On 7/10/07, Bryan Cantrill <bmc at eng.sun.com> wrote:
>
>
> On Tue, Jul 10, 2007 at 11:49:48AM -0600, Bruce Shaw wrote:
> > >The kstat facility has long been in need of a serious overhaul; this
> > >presents a good opportunity to do this work.
> >
> >
> > I want in on this.  I use kstat to derive CPU information for net-snmp.
> > If we're opening the API, I've got some suggestions.
>
> Excellent.  So do I. ;)  To me, this would be an incredibly valuable
> project, and it would allow us to get the benefits of a "CPUfs" besides.
> And I think this might be one of those instances where we want to at least
> perform the thought experiment of breaking the API (especially the
> in-kernel
> API, which is unspeakably broken in that it exports far too much
> implementation).  Not that we necessarily need to break the API in order
> to move kstat forward, just that this is a situation where we want to
> at least understand what we might be able to do if we were to start with
> a clean(er) sheet of paper...


I have been thinking about this, and one of the things I don't understand,
is how the Scheduler selects, which CMT VCPU, CORE, or socket to schedule
processes or threads. Could someone give me a quick explanation, and how it
relates to kstat? (Or a reference book/link where I can find the info)

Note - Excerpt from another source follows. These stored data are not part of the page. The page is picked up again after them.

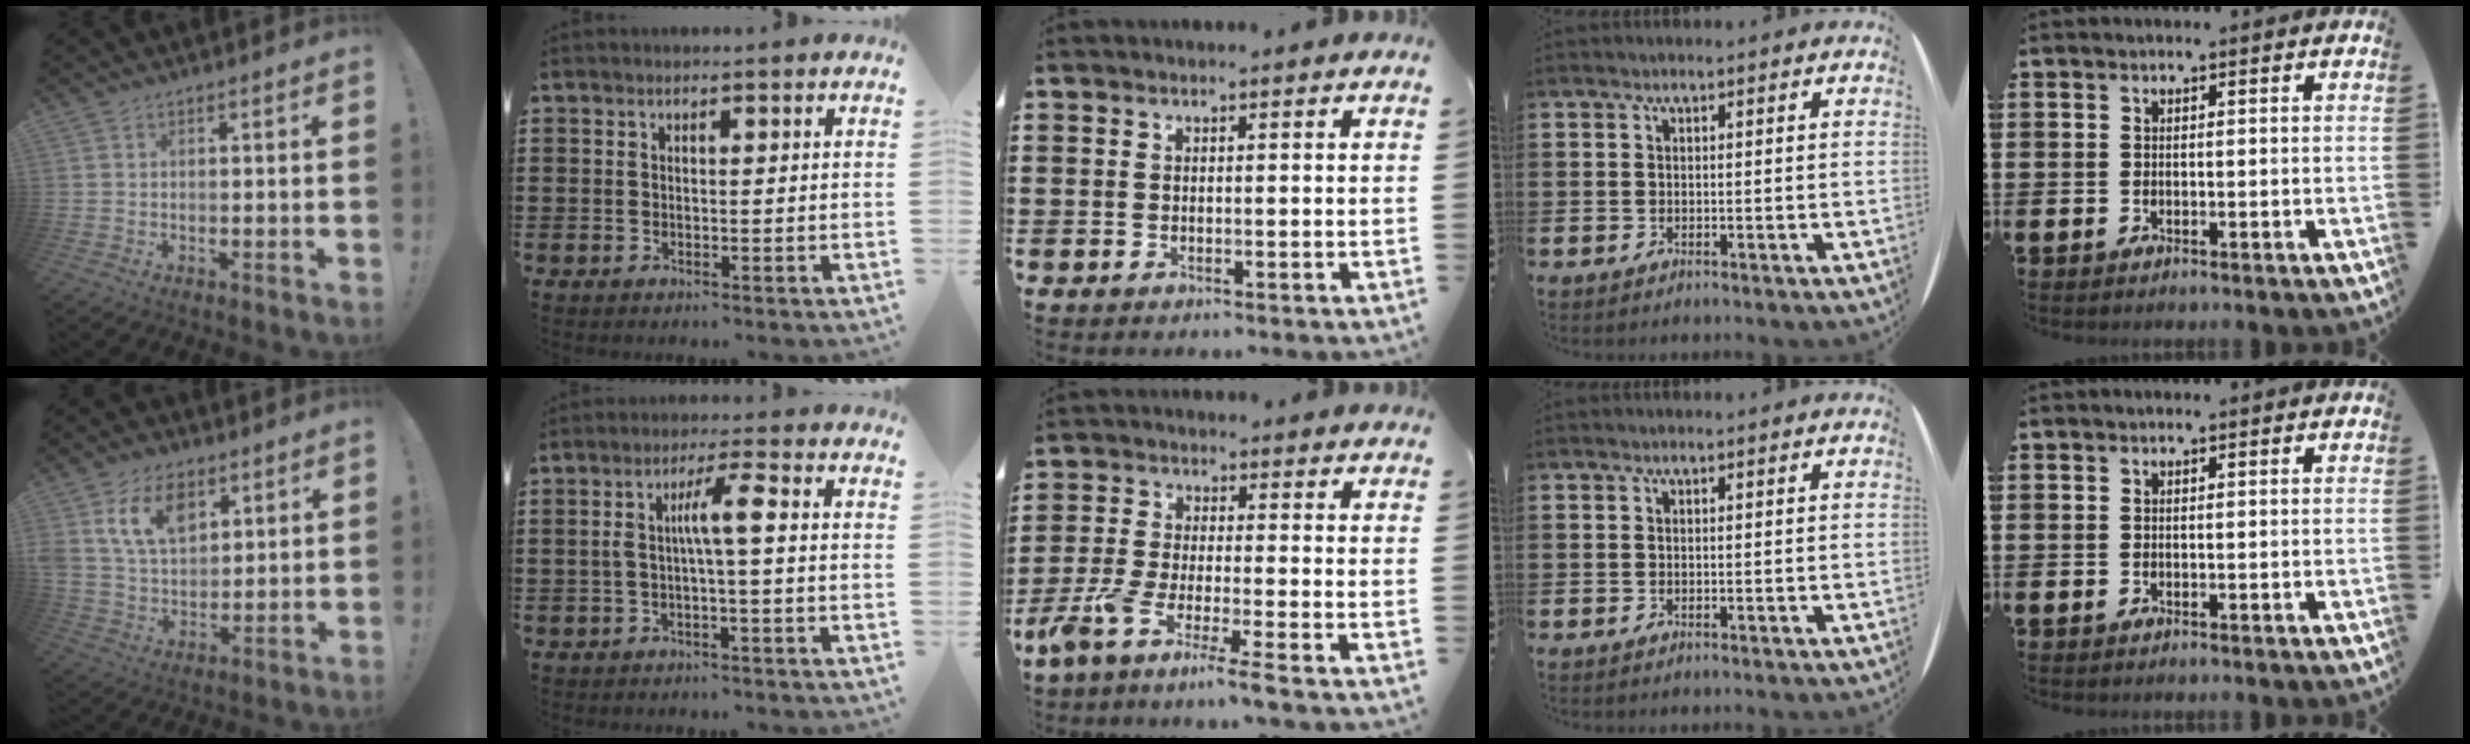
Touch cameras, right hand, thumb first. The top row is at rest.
{"thumb": {"total": 13.5, "force": [6.6, 8.9, 7.7], "torque": [-0.134, -0.016, 0.128]}, "index": {"total": 4.9, "force": [-0.1, 0.4, 4.9], "torque": [-0.095, 0.007, -0.009]}, "middle": {"total": 6.3, "force": [-5.2, -0.6, 3.5], "torque": [-0.088, -0.020, -0.107]}}
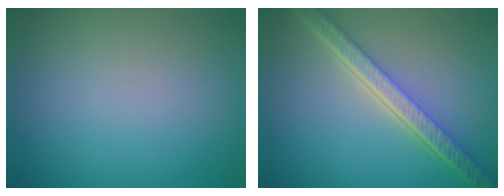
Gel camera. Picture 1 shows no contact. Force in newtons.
{"total": 5.6, "press": 4.2, "slide": 3.7}
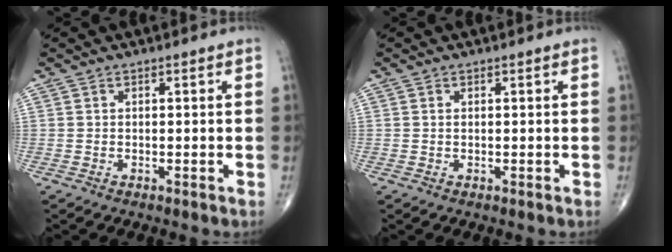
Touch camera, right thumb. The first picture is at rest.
{"total": 0.0}
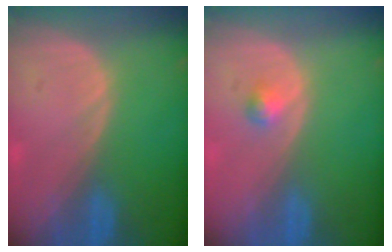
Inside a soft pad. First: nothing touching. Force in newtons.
{"total": 1.5, "press": 1.5, "slide": 0.3}
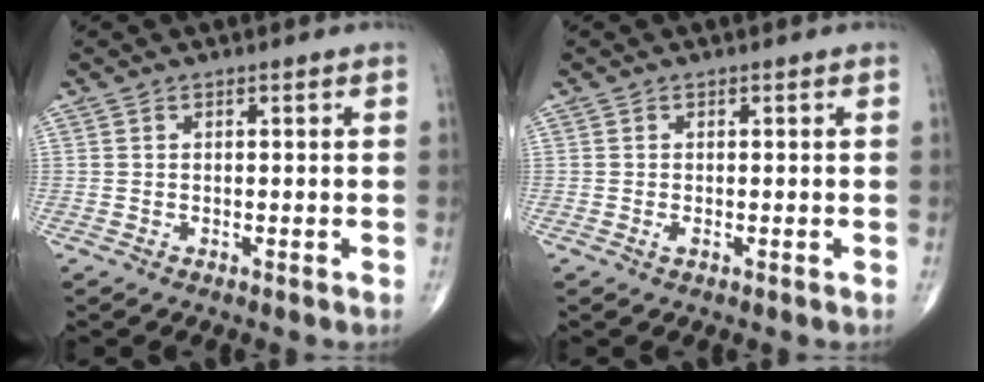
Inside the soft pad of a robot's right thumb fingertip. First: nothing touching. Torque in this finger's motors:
{"motor_torque": [-0.13, -0.02, 0.10, 0.12, 0.00]}
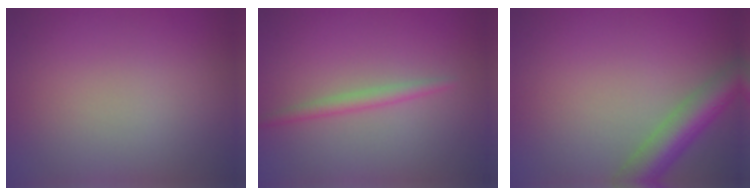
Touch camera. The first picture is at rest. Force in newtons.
{"total": 1.6, "press": 1.6, "slide": 0.0}
{"total": 5.5, "press": 5.5, "slide": 0.2}
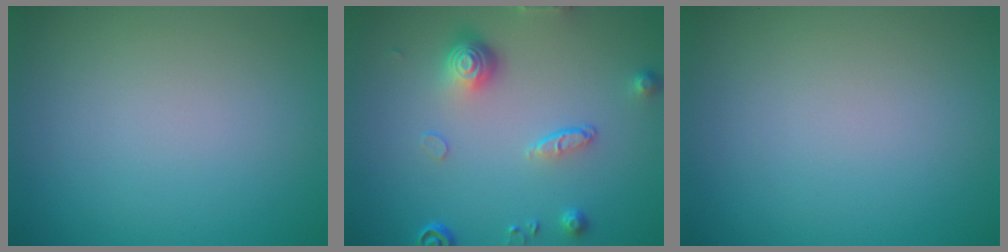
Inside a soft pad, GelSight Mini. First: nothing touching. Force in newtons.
{"total": 4.3, "press": 3.2, "slide": 2.8}
{"total": 0.0}
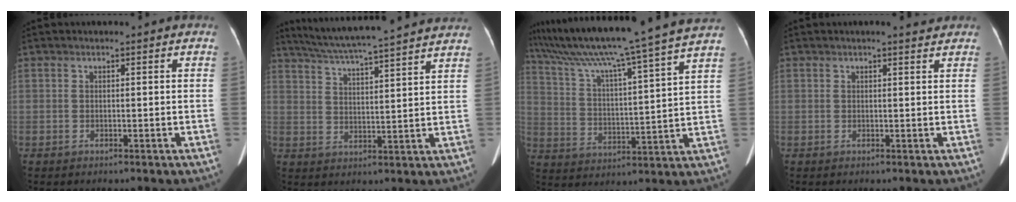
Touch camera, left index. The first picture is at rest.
{"total": 19.6, "force": [17.6, -0.1, 8.6], "torque": [-0.151, 0.013, 0.246]}
{"total": 23.1, "force": [19.5, -2.3, 12.2], "torque": [-0.215, -0.013, 0.289]}
{"total": 1.9, "force": [1.7, 0.2, 0.7], "torque": [-0.013, 0.002, 0.023]}
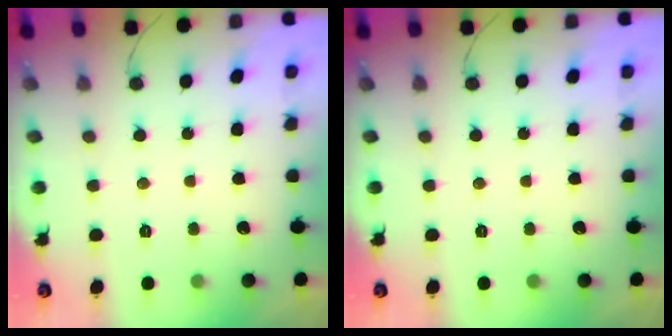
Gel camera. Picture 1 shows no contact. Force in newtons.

Looking down the road, I can also see a further silicon layer, "core
clusters" that share a databus, w/ the databuses tied together with an
onchip xbar. (This may or may not come to fruition, but as we scale core
counts, we will probably see (cc-)numa designs on a single piece of silicon.

I ask because I am thinking about various workloads, will have different
requirements. Some may perform best with core/cache affinity, and others
that would best be utilized by "striping" processes/threads across
cores/sockets. How do we account for this?

--brian

P.S. - What I seek is a stable interface to get this system information via
the commandline. (IE: scriptable). I understand that this may require the
API and the knobs to be hammered out first.